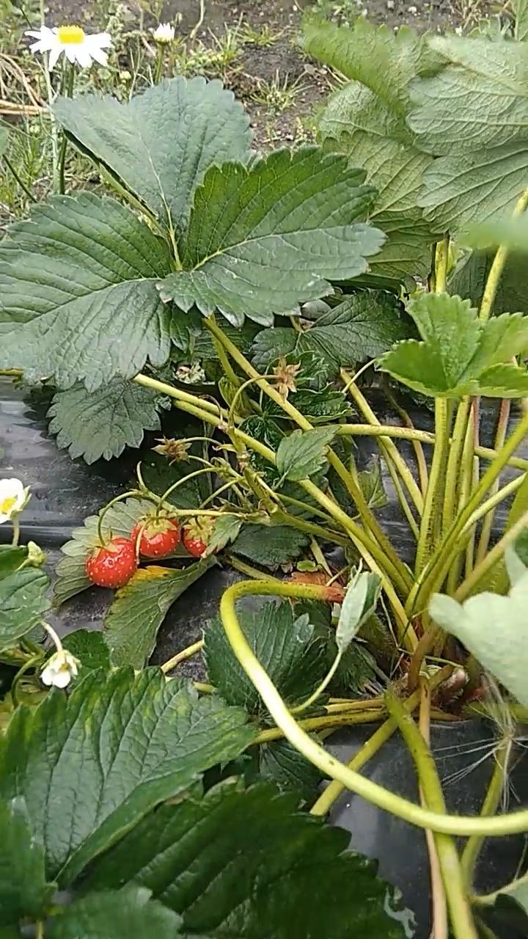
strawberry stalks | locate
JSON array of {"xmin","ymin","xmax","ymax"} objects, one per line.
[
  {"xmin": 186, "ymin": 489, "xmax": 219, "ymax": 532},
  {"xmin": 146, "ymin": 476, "xmax": 170, "ymax": 527},
  {"xmin": 94, "ymin": 486, "xmax": 117, "ymax": 551}
]
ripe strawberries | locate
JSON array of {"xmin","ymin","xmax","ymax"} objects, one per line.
[
  {"xmin": 85, "ymin": 536, "xmax": 134, "ymax": 591},
  {"xmin": 182, "ymin": 515, "xmax": 221, "ymax": 560},
  {"xmin": 136, "ymin": 518, "xmax": 180, "ymax": 560}
]
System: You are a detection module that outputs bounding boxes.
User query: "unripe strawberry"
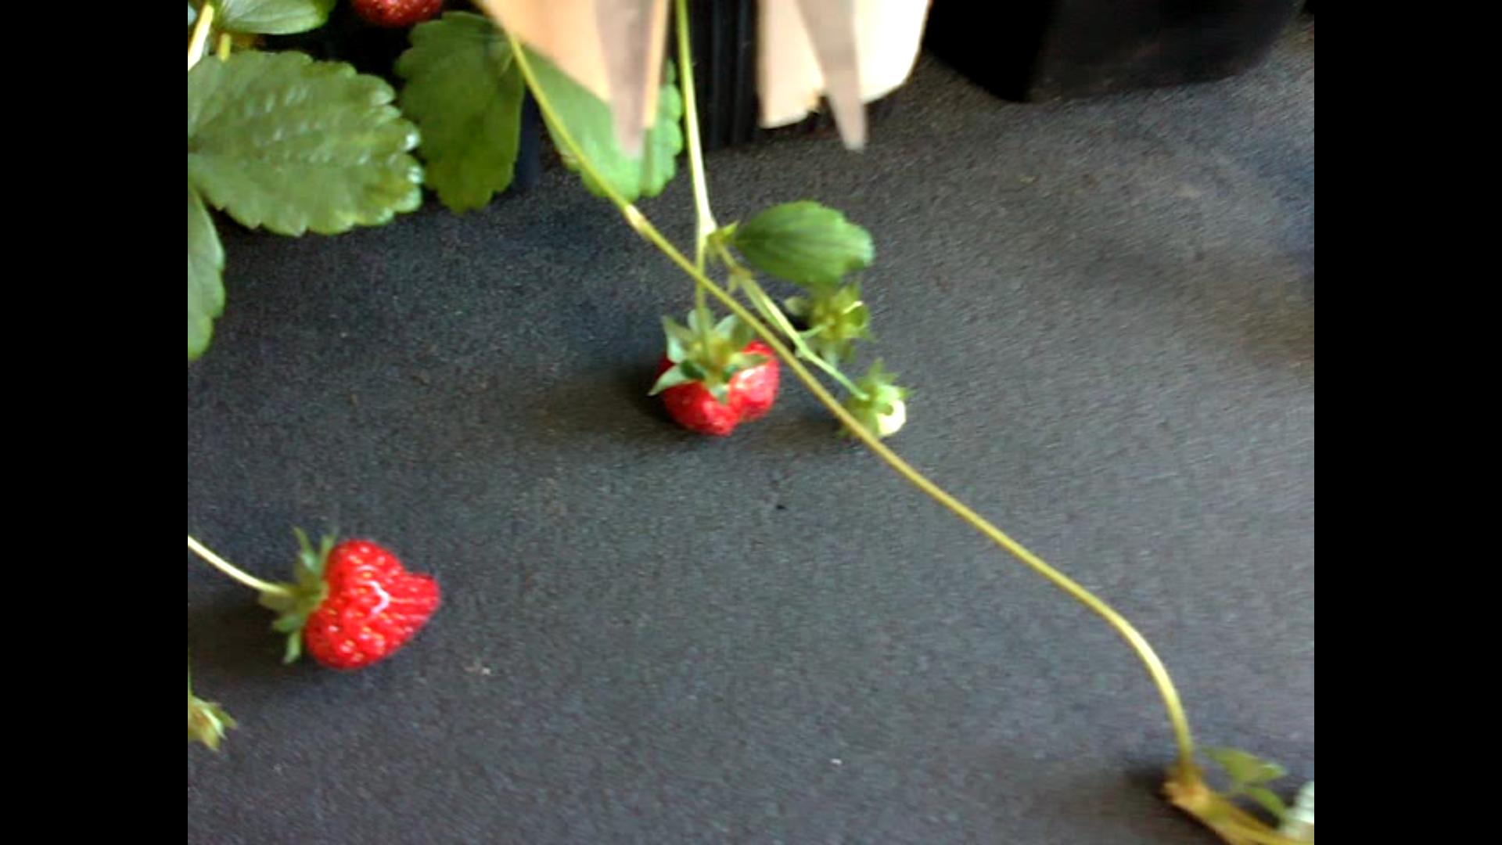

==============================

* **Assignment**:
All the records need to be set down word for word, with the images left out.

* **Output**:
strawberry stalks | locate
JSON array of {"xmin","ymin","xmax","ymax"} objects, one per line.
[
  {"xmin": 186, "ymin": 489, "xmax": 219, "ymax": 532},
  {"xmin": 146, "ymin": 476, "xmax": 170, "ymax": 527},
  {"xmin": 94, "ymin": 486, "xmax": 117, "ymax": 551}
]
ripe strawberries | locate
JSON array of {"xmin","ymin","xmax","ymax"} objects, one per line.
[
  {"xmin": 85, "ymin": 536, "xmax": 134, "ymax": 591},
  {"xmin": 182, "ymin": 515, "xmax": 221, "ymax": 560},
  {"xmin": 136, "ymin": 518, "xmax": 180, "ymax": 560}
]
System: You are a detection module that outputs bounding boxes.
User query: "unripe strawberry"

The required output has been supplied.